PROVIDED DATA
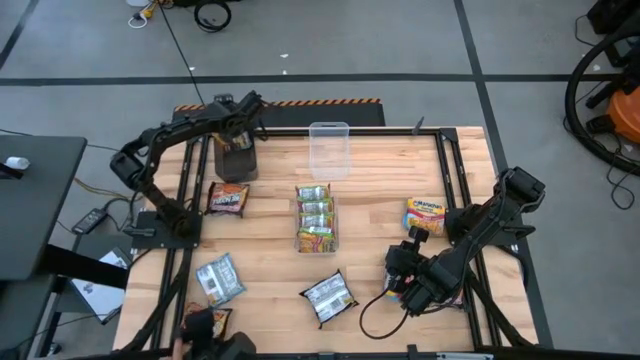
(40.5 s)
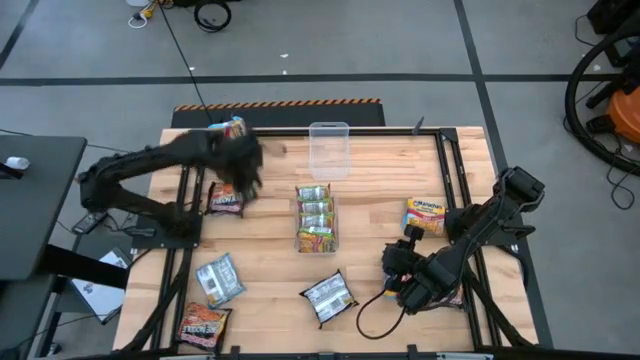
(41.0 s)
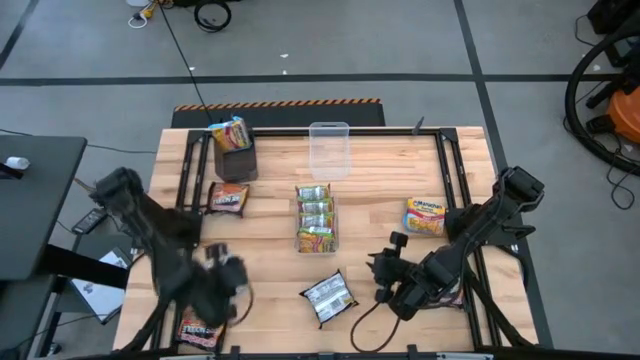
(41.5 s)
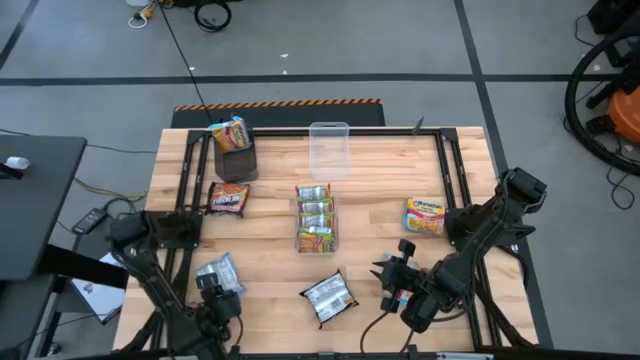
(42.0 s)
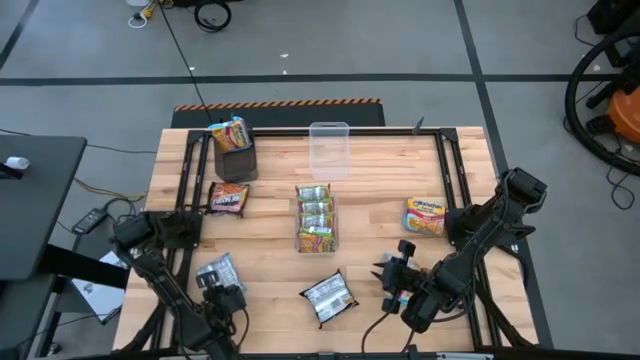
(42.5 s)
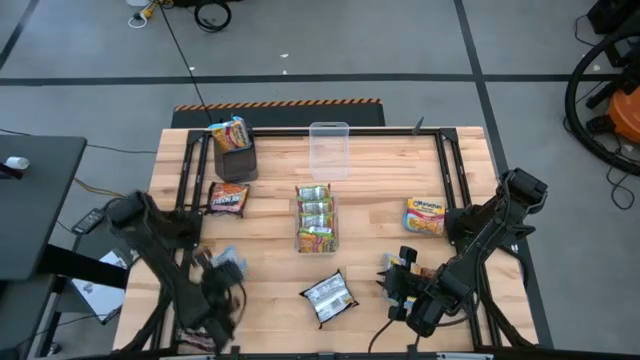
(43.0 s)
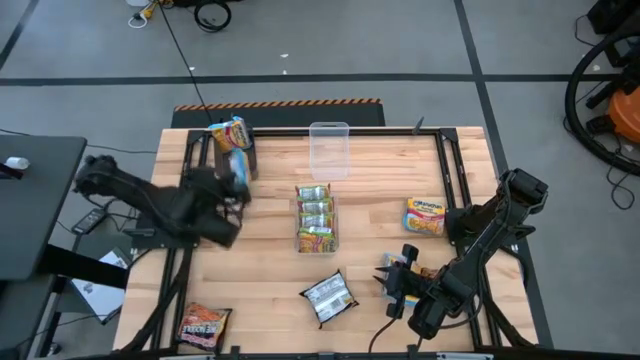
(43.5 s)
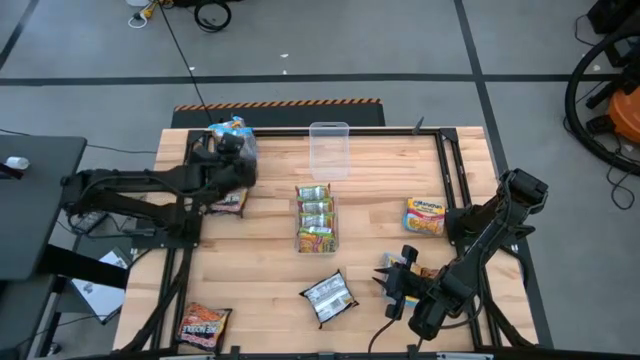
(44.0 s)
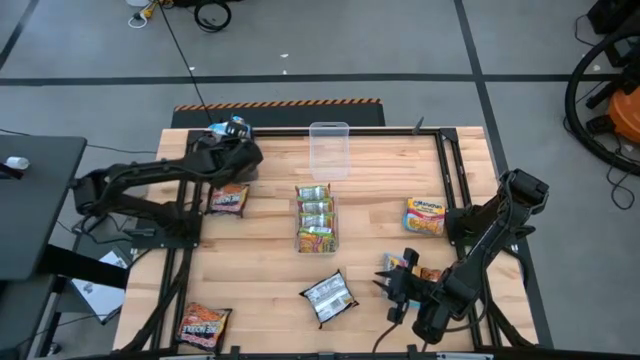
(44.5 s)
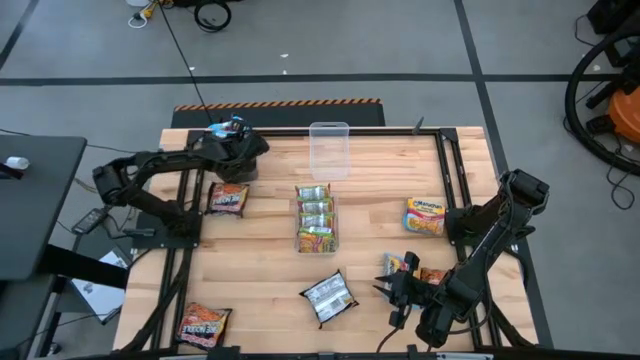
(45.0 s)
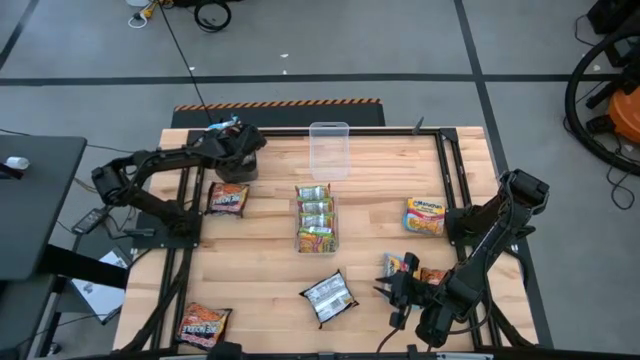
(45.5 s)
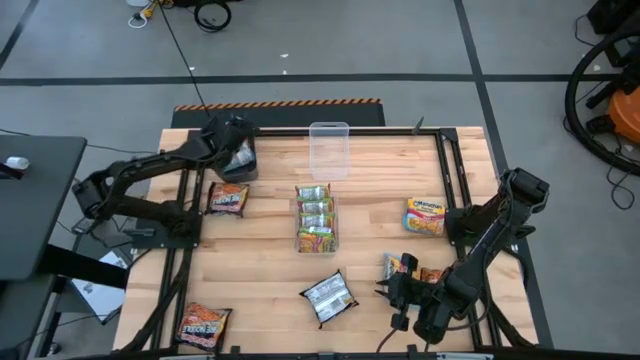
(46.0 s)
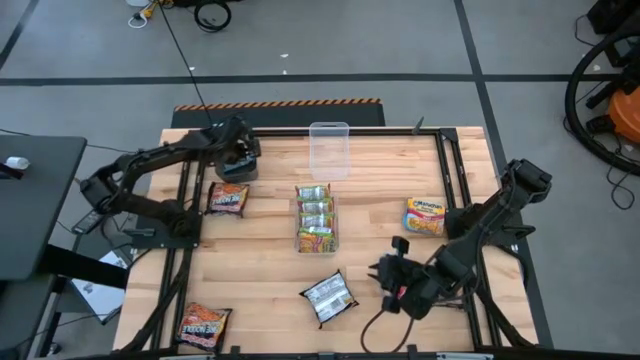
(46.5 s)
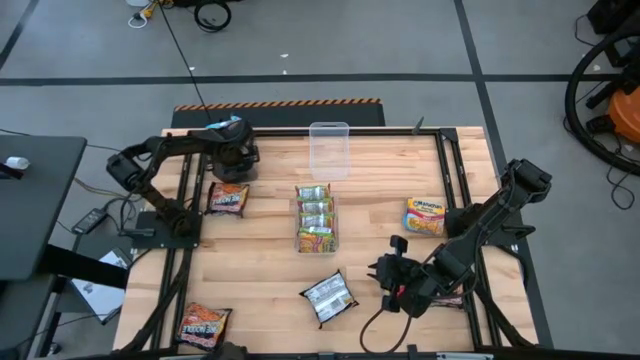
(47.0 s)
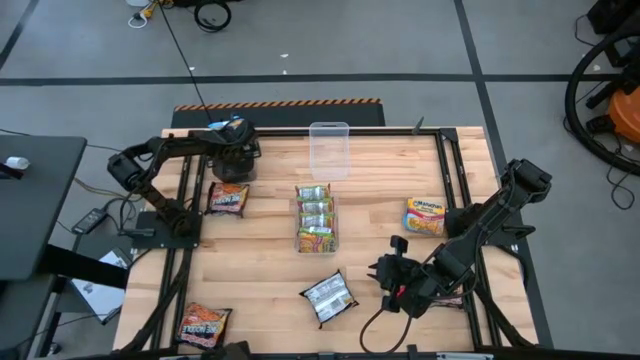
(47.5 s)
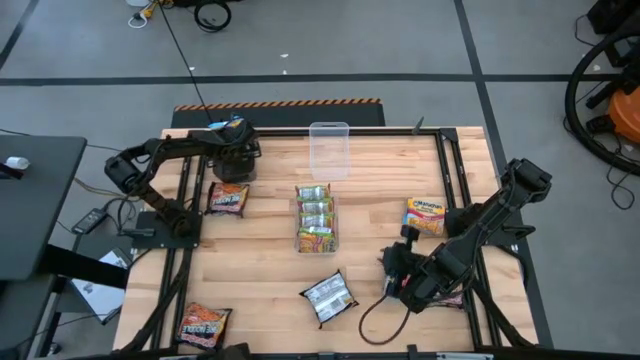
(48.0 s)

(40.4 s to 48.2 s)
Put the blue noodle pack into the black bin

YOUR ASSIGNMENT
Return the full listing above exactly as written, and omit the pictures.

RESULT OF THIS EXERCISE
(40.5 s)
(41.0 s)
(41.5 s)
(42.0 s)
(42.5 s)
(43.0 s)
(43.5 s)
(44.0 s)
(44.5 s)
(45.0 s)
(45.5 s)
(46.0 s)
(46.5 s)
(47.0 s)
(47.5 s)
(48.0 s)

(40.4 s to 48.2 s)
Put the blue noodle pack into the black bin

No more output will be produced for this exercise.